DiFaR: Enhancing Multimodal Misinformation Detection with Diverse, Factual, and Relevant Rationales
It addresses misinformation detection for multimodal content, offering an incremental improvement by refining rationale generation with filtering.
The paper tackles the problem of limited effectiveness in multimodal misinformation detection due to insufficient diversity, factual inaccuracies, and irrelevant content in generated rationales from large vision-language models, introducing DiFaR to enhance detection by up to 8.7% on benchmarks.

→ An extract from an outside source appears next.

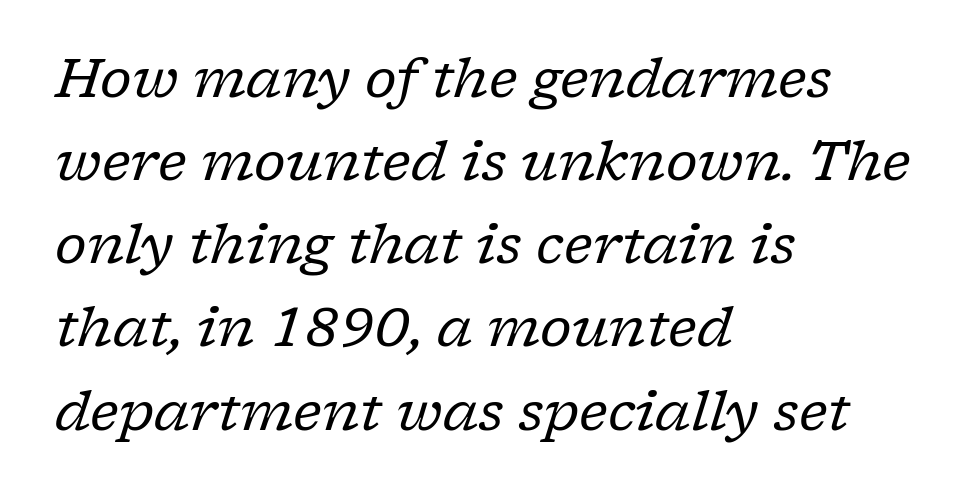
{"serif": "yes", "italic": "yes", "lean": "right", "slant_degrees": 17, "bold": "no", "weight": "regular", "width": "normal", "stroke_contrast": "low", "x_height": "medium", "monospaced": "no", "underline": "no", "align": "left", "line_spacing": "normal", "line_spacing_ratio": 1.54, "letter_spacing": "normal", "letter_spacing_em": 0.0, "glyph_px": 54}
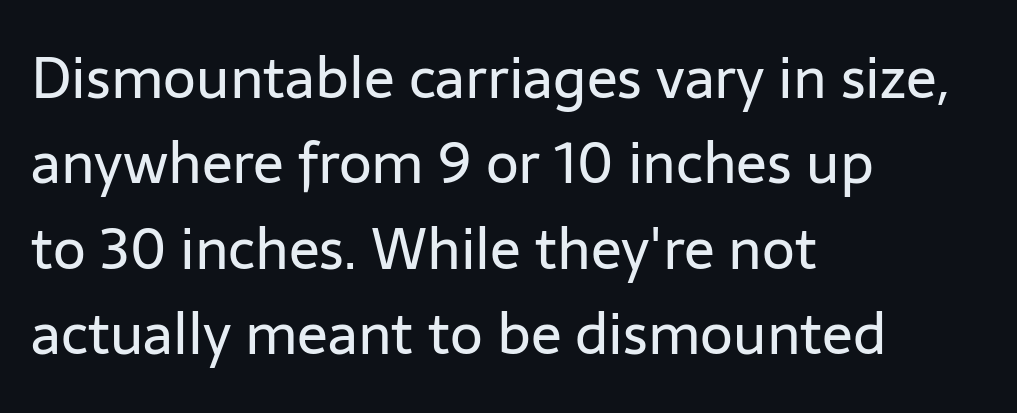
{"serif": "no", "italic": "no", "bold": "no", "weight": "regular", "width": "normal", "stroke_contrast": "low", "x_height": "medium", "monospaced": "no", "underline": "no", "align": "left", "line_spacing": "normal", "line_spacing_ratio": 1.5, "letter_spacing": "normal", "letter_spacing_em": 0.0, "glyph_px": 57}

Generating textual rationales from large vision-language models (LVLMs) to support trainable multimodal misinformation detectors has emerged as a promising paradigm. However, its effectiveness is fundamentally limited by three core challenges: (i) insufficient diversity in generated rationales, (ii) factual inaccuracies due to hallucinations, and (iii) irrelevant or conflicting content that introduces noise. We introduce DiFaR, a detector-agnostic framework that produces diverse, factual, and relevant rationales to enhance misinformation detection. DiFaR employs five chain-of-thought prompts to elicit varied reasoning traces from LVLMs and incorporates a lightweight post-hoc filtering module to select rationale sentences based on sentence-level factuality and relevance scores. Extensive experiments on four popular benchmarks demonstrate that DiFaR outperforms four baseline categories by up to 5.9% and boosts existing detectors by as much as 8.7%. Both automatic metrics and human evaluations confirm that DiFaR significantly improves rationale quality across all three dimensions.